The Great Student Money Debate: National Student Money Week 2024

On Wednesday the 20th of March, during National Money Week, City Students’ Union (SU) Advice Team partnered with City’s Debate Society to host The Great Student Money Debate. The first of its kind at City, the debate aimed to engage students in thought-provoking discussions on student finances through investigating three main areas of contention:

  • Government and wider impact
  • City University
  • Work and Networking


We heard from a variety of speakers throughout the debate, each bringing a unique perspective based on their professional backgrounds. The panel of five speakers included: Louise Jennings, Head of Student Support Services; Alan Clark-Gutierrez, President of City Green Party Society; Ashton Shepherd, newly elected deputy president of the SU; Hywel Barret, a GDL (Law) Student; Minhal Mahmood, a Research student from SST.


Our compere for the evening was the President of the Debating Society who began by highlighting the Student Wellbeing services available from the SU to support those who may be affected by the subject of the debate. During the debate, the panel was posed a series of questions on the topics mentioned above and a summary of their answers are seen below.


Starting with ‘City University’:

What is the University currently doing?

Louise Jennings provided a thorough response to this question highlighting the huge rise in demand and use of the travel and hardship bursaries the University provides, the removal of fines in the library, the Chaplaincy team free breakfast, Shopping and IT vouchers and the introduction of free period products across campus. Most importantly, the introduction of the Cost-of-Living Hub website which provides students with this information.


The following questions were directed to the panel:

What would be the single biggest change the university could make to improve the situation of students during the cost-of-living crisis?

  • “Reducing rent specifically for students through subsidies. Rent is the greatest cost by far for students so easing this pressure would have the biggest impact”.
  • “Free food for students. This suggestion involved the canteen offering free food to students”.
  • “Ensuring timetables are clear for all students on Wednesday Afternoon”.
  • “On the job training to better prepare students for post-university”.

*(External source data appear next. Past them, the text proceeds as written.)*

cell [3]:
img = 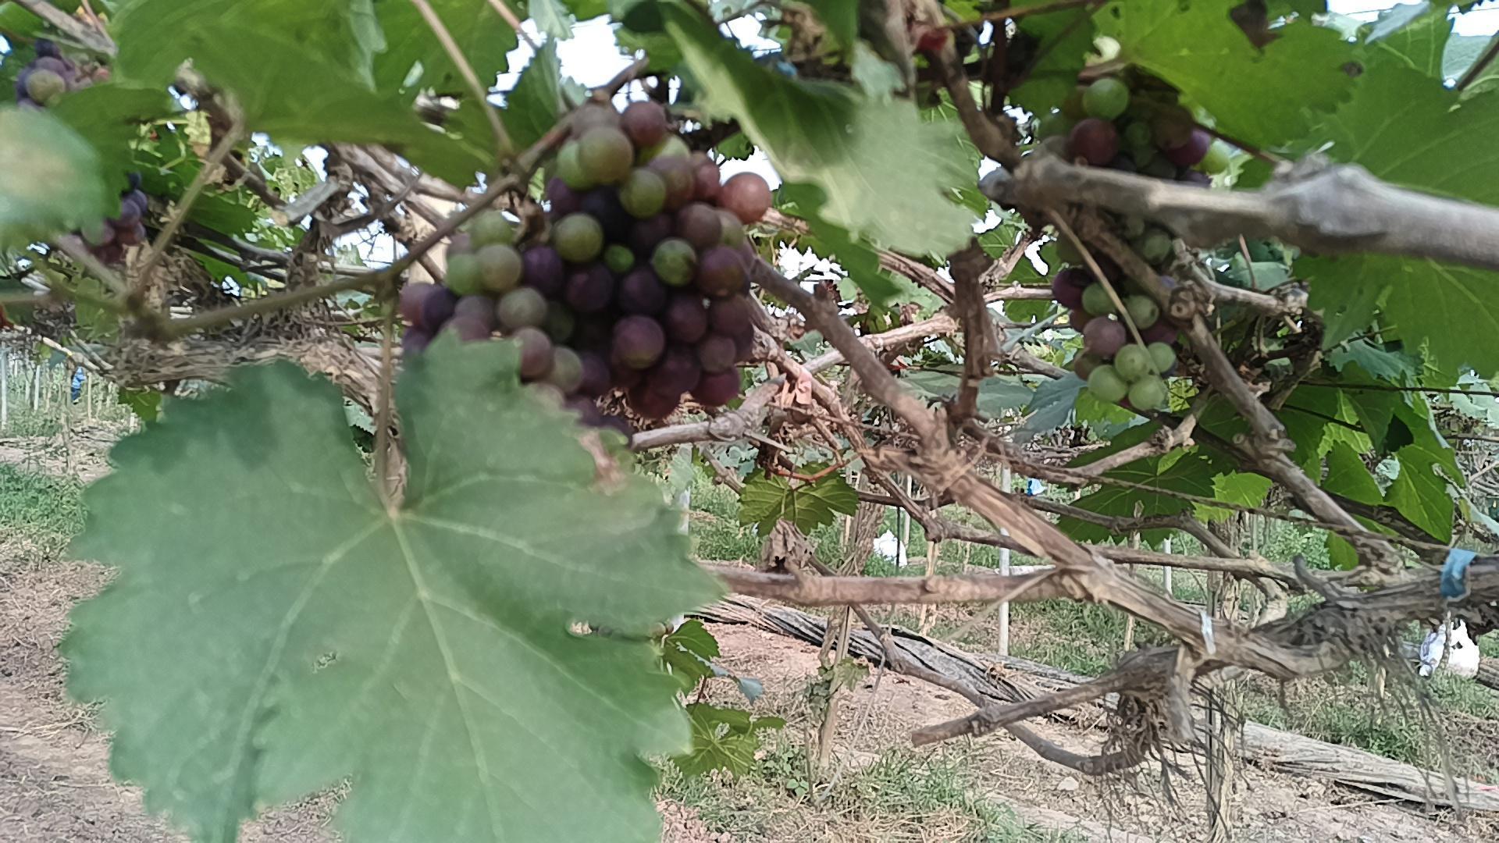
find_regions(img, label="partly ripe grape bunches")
[1036,76,1232,411]
[400,99,771,438]
[15,39,148,263]

The university is made up of both Home and International students, who may be affected by financial pressure differently, should the university prioritise support for one group of students over others??

  • “It’s about the need of individuals so all students should be offered the same support”.
  • “Significant proportion of students at City are international and so pay higher fees. Support could be better focused on those students”.

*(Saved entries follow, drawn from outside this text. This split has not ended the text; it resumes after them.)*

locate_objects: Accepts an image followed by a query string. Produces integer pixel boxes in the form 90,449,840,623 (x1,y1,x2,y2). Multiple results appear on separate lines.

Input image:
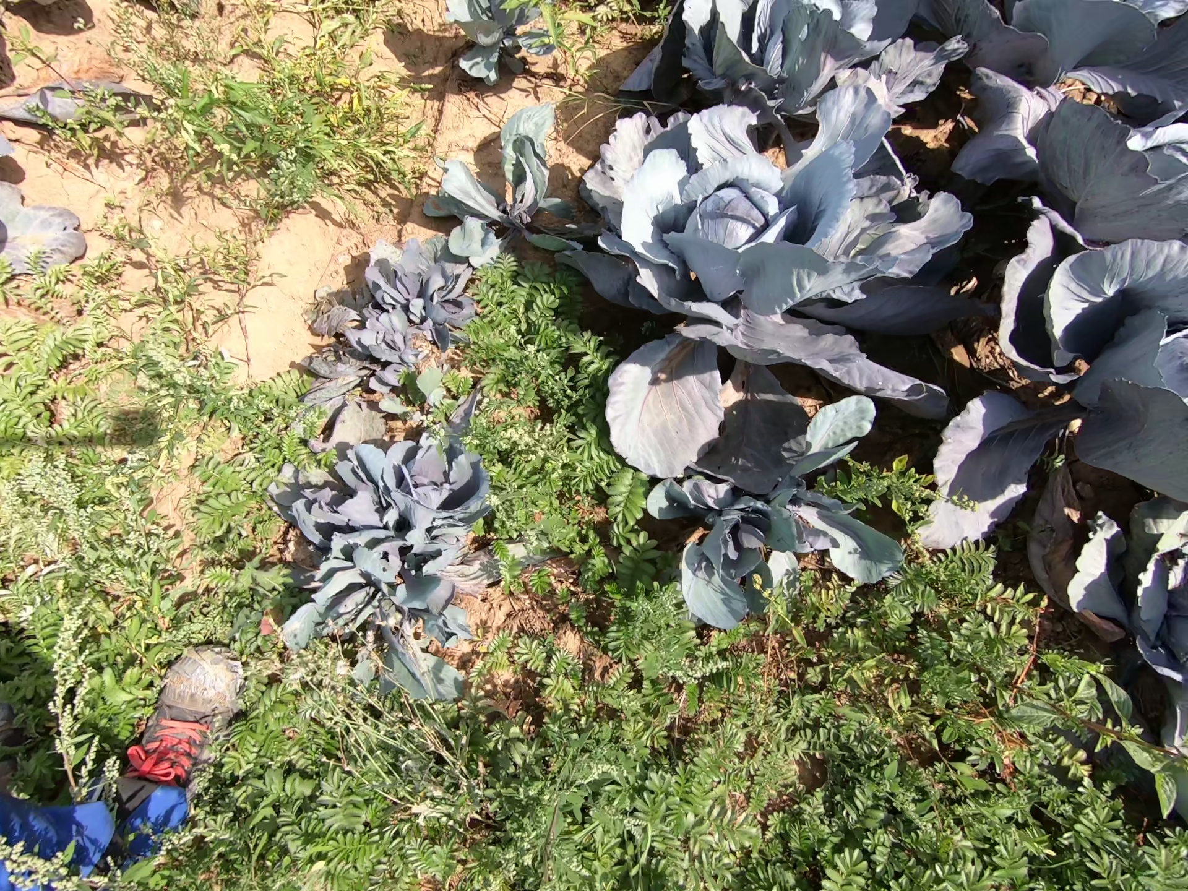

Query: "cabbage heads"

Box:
772,0,841,69
1113,132,1187,220
688,186,781,274

Does the university have a social and financial responsibility to support its students, or is this the responsibility of the students, or other party (for example Nation State)?

  • “The main point was simply: Our tuition fees, especially international fees, where are they going?”
  • "Is Digital poverty a major issue for students, and if so, how should it be addressed by the university??
  • “Plans and packages with internet providers which better support students “.
  • “Covid was especially hard for the University. With the movement to online, digital poverty was at the forefront of the Student Wellbeing staff’s focus”.

The next topic: ‘Government and wider impact’


Audience poll: Has the university done enough to support people during the cost-of-living crisis?

  • Only 2 audience members agreed.

If you were running the UK, what single change, or policy would you introduce to support people during the cost-of-living crisis?

  • “Paying £10 a month directly towards funding the NHS, as seen in Germany”.
  • “Discussion on the Renter’s Reform Bill”.


?Does the current economic situation of students show the “experiment” of paid tuition fees has failed- should the government scrap tuition fees.?

  •  “Most panel members believed that at least a reduction in fees should be considered”

Does the government prioritise students too much over other young people, should we encourage people to go into working training IE apprenticeships over expensive university tuition.?

  • Degree Apprenticeships aren’t pushed enough, and it was believed by some members in the panel that some young people feel pressured to go to university as they see no other option.


Finally, ‘Work and Networking’

In your opinion, how does the cost-of-living crisis affect student careers?

  • Students feel they should apply for safer options, potentially limiting themselves.


Student Poll: Do you hold a part time job whilst studying?

  • Over half of the audience said yes


According to the NUS 69% of students work part time jobs while studying. Is it right that so many students either need or choose to work extra hours to support themselves during studies, should students earn for themselves to pay their own share?

  •  “Jobs create a wealth divide as those students who don’t have to work, have extra hours to study”.
  • “Students shouldn’t have to earn money to live”.

Is networking exclusive and elitist, encouraging nepotism and benefiting students from certain backgrounds over others, if so, what is the problem??

  • ·“It can be elitist but can also combat elitism at the same time”.


The debate ended in a Q&A where both the Officer, Yavuz, and Policy Assistant for the Cost-Of-Living priority asked for feedback to improve the SU’s approach to supporting Students’ Finances. This was then followed by Networking and Pizza to allow for an informal discussion. All debaters were rewarded with a £25 voucher of their choice for their fantastic contributions.


Thanks go to the Debate Society for hosting the event as well as the panel members for their insight.


Please keep a look out for future debates and how you can get involved!